In favor of using time as a continuous variable as you note, is that you can deal with the variations in the actual data collection time points, both within and between patients, given the realities of those variations in the conduct of a trial as raised in this thread. One can then use a model based approach (e.g. mixed effects, gls, gee, etc.) to estimate the values of the outcome of interest at specific time points that are relevant to the trial design and the questions being posed.

Another potential benefit of using time as a continuous variable is that you only have one degree of freedom, if time is not transformed, versus having a larger number of degrees of freedom for time as a discrete variable. So, you may get more power for the model in that setting, if presuming a linear relationship is reasonable. However, if you perform a non-linear transform on time, such as using a spline, then you can possibly lose that advantage, depending upon the number of time points involved in the study timeline.

The potential downside to using time as a continuous variable is that, if there are only a few post baseline time points, you may not be able to reasonably transform time using a spline or some other non-linear method, perhaps risking overfitting the model. Thus you effectively revert to presuming a linear relationship between time as a continuous variable and the outcome measures of interest, which may not be reasonable. So, in that setting, using time as a discrete variable would allow for more flexibility, perhaps at the expense of forcing the presumption of consistency in the data collection time points. So there may be tradeoffs in that setting, and one may want to engage in some sensitivity analyses to assess potential bias in the estimates that result.

I look forward to your thoughts on the above. Thanks!

Fantastic thoughts Marc. I’ll just add that discrete time works better primarily when there are less than around 4 distinct follow-up times. With 4 times it takes 3 d.f. to model time discretely, and 2 d.f. for a quadratic or a restricted cubic spline with 3 knots.

Hi Frank, thanks for your follow up!

Yah, I suspected that a practical limit on the number of follow ups in favor of the discrete case would be around 3 or 4 in most situations.

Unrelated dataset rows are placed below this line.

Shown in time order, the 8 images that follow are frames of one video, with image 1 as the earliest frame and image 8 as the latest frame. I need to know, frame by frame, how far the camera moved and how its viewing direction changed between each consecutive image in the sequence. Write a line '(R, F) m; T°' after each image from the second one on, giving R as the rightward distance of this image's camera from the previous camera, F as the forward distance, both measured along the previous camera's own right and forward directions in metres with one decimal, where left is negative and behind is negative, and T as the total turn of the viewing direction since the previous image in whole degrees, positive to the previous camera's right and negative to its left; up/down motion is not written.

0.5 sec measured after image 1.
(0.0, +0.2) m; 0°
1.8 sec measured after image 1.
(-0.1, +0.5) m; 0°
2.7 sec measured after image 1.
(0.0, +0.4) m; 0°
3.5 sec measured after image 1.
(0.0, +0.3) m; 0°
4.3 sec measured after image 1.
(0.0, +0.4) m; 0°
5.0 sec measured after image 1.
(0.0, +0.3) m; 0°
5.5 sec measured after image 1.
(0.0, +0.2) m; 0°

This is an interesting topic and it will be of value to see if anyone takes on a more formalized comparative analysis, ideally using real-world trial data, to assessing differences in the two approaches under varying timeline parameters.

Thanks!

P.S. For visits that are scheduled because of changing patient status, where the tendency to schedule a visit is a function of current risks that are not captured in the last visit’s data, special methods apply as well discussed here.

thank you both - rich

forgot to note that I had also (1) asked a couple of friends about this and (2) asked on Statalist - the only friend not included in either public forum agreed with Frank about use of actual time; if anyone is interested in the discussion on Statalist, see data collected at the "wrong" time - Statalist

Hi Frank,

Thanks for finding that article. I will take the time to review it further.

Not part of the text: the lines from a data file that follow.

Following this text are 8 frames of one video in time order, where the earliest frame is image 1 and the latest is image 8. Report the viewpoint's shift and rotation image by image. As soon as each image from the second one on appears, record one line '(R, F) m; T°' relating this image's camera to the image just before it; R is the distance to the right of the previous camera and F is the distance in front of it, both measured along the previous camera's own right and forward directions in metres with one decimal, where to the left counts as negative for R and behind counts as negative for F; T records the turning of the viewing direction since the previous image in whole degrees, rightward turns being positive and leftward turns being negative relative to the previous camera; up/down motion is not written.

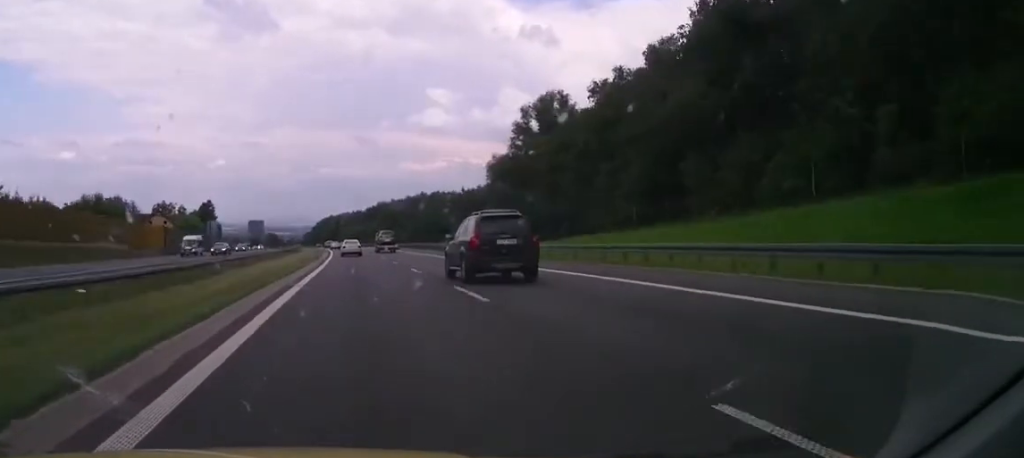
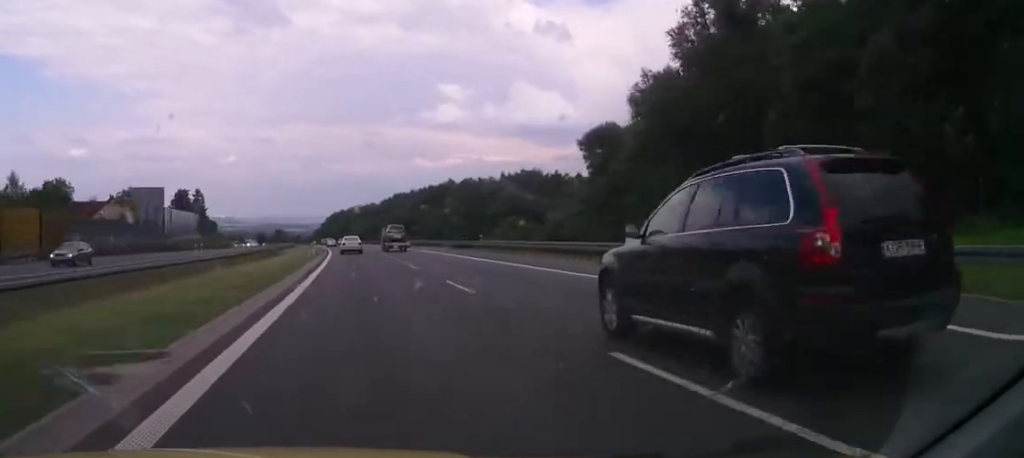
(0.0, +47.3) m; 0°
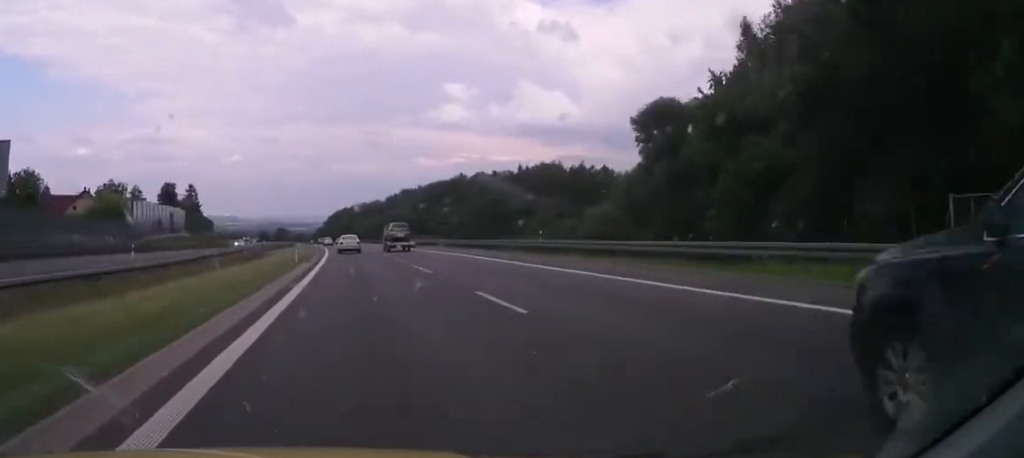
(0.0, +16.1) m; 0°
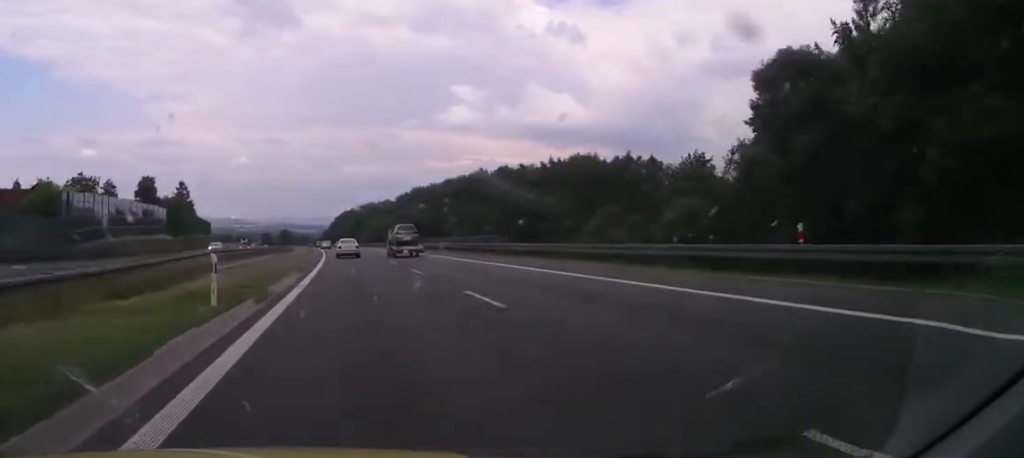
(-0.1, +20.5) m; -1°
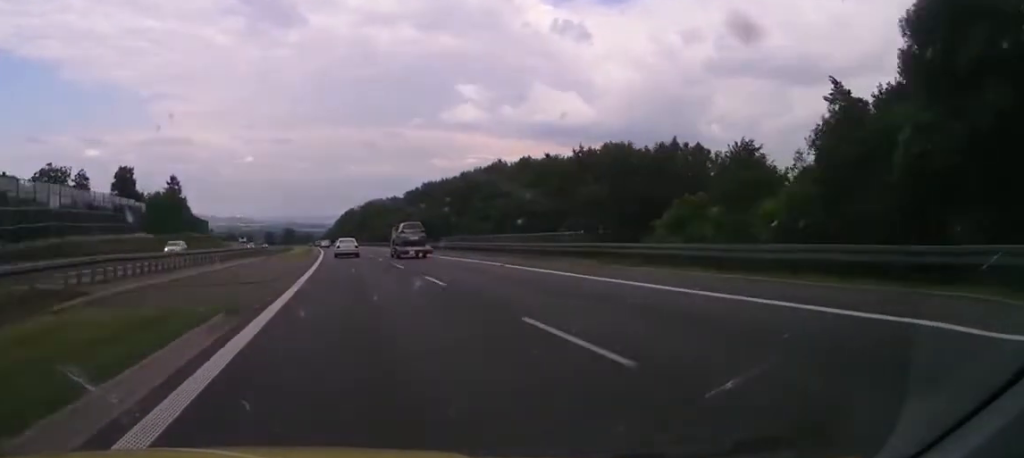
(-0.1, +15.8) m; -1°
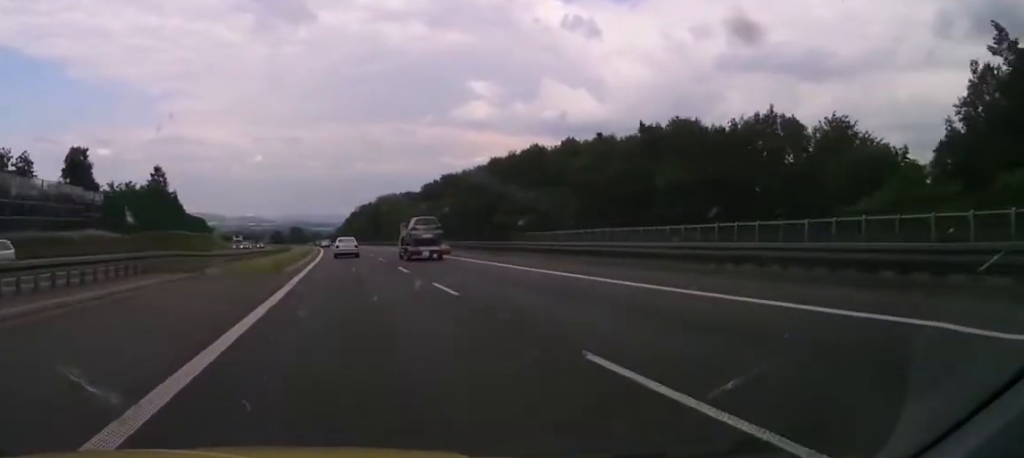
(-0.3, +23.5) m; -2°
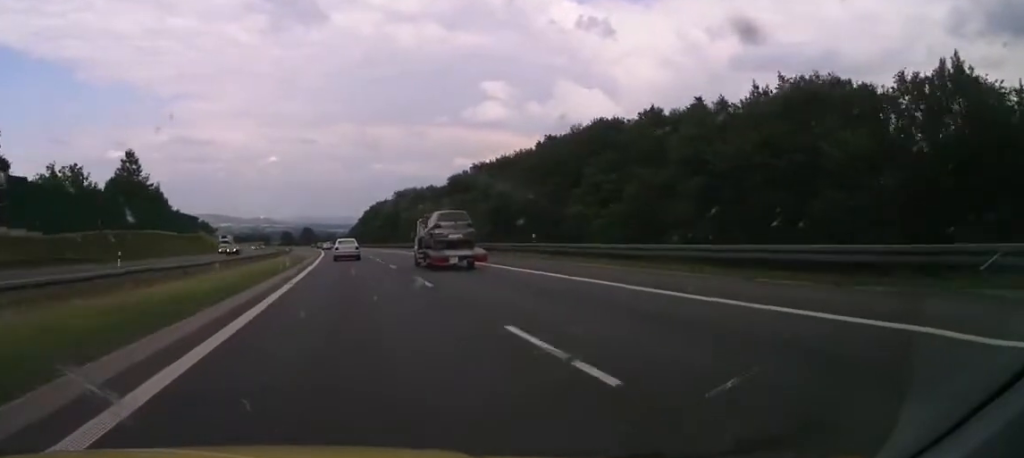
(-0.6, +31.1) m; -1°
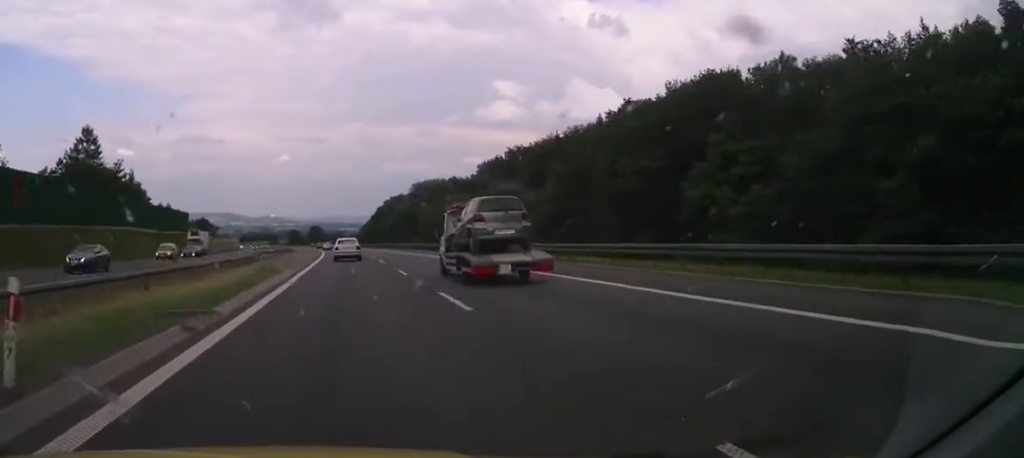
(-0.1, +28.7) m; 0°

It raises the issue, which we had not really touched on in the prior discussion, which is how to deal with the interim unscheduled visits, and depending upon the reason for them, whether or not the outcomes of interest may be measured at those time points. If so, how to handle those in the relevant analyses.

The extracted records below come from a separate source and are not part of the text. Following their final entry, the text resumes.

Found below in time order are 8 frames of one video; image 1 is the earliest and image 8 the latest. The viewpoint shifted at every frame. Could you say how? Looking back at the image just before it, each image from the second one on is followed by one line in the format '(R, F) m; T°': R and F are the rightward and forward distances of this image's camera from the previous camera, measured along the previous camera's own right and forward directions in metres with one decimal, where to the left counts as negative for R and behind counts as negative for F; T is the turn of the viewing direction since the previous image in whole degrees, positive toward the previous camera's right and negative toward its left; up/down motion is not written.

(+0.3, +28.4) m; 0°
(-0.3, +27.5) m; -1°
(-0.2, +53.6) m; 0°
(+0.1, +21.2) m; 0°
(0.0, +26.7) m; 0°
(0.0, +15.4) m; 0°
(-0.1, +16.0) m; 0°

Given the publication date (2004) of that paper, I wondered what the citation history for it might be, which I found here:

https://app.dimensions.ai/details/publication/pub.1006848084

One of the more recent (2022) papers in the above list is:

Randomized Trials With Repeatedly Measured Outcomes: Handling Irregular and Potentially Informative Assessment Times
by Pullenayegum and Scharfstein

where the latter co-author is also a co-author on the 2004 paper you cited. it appears, upon a brief review of the abstract, to conduct a literature review and poses recommendations for the consideration of trialists in terms of influencing study design and the publication of study results.

Great work Marc. Their new paper is the one we need.

My summary at present: Use of actual assessment dates is better than using intended dates, but may still have problems if measurement times are informative.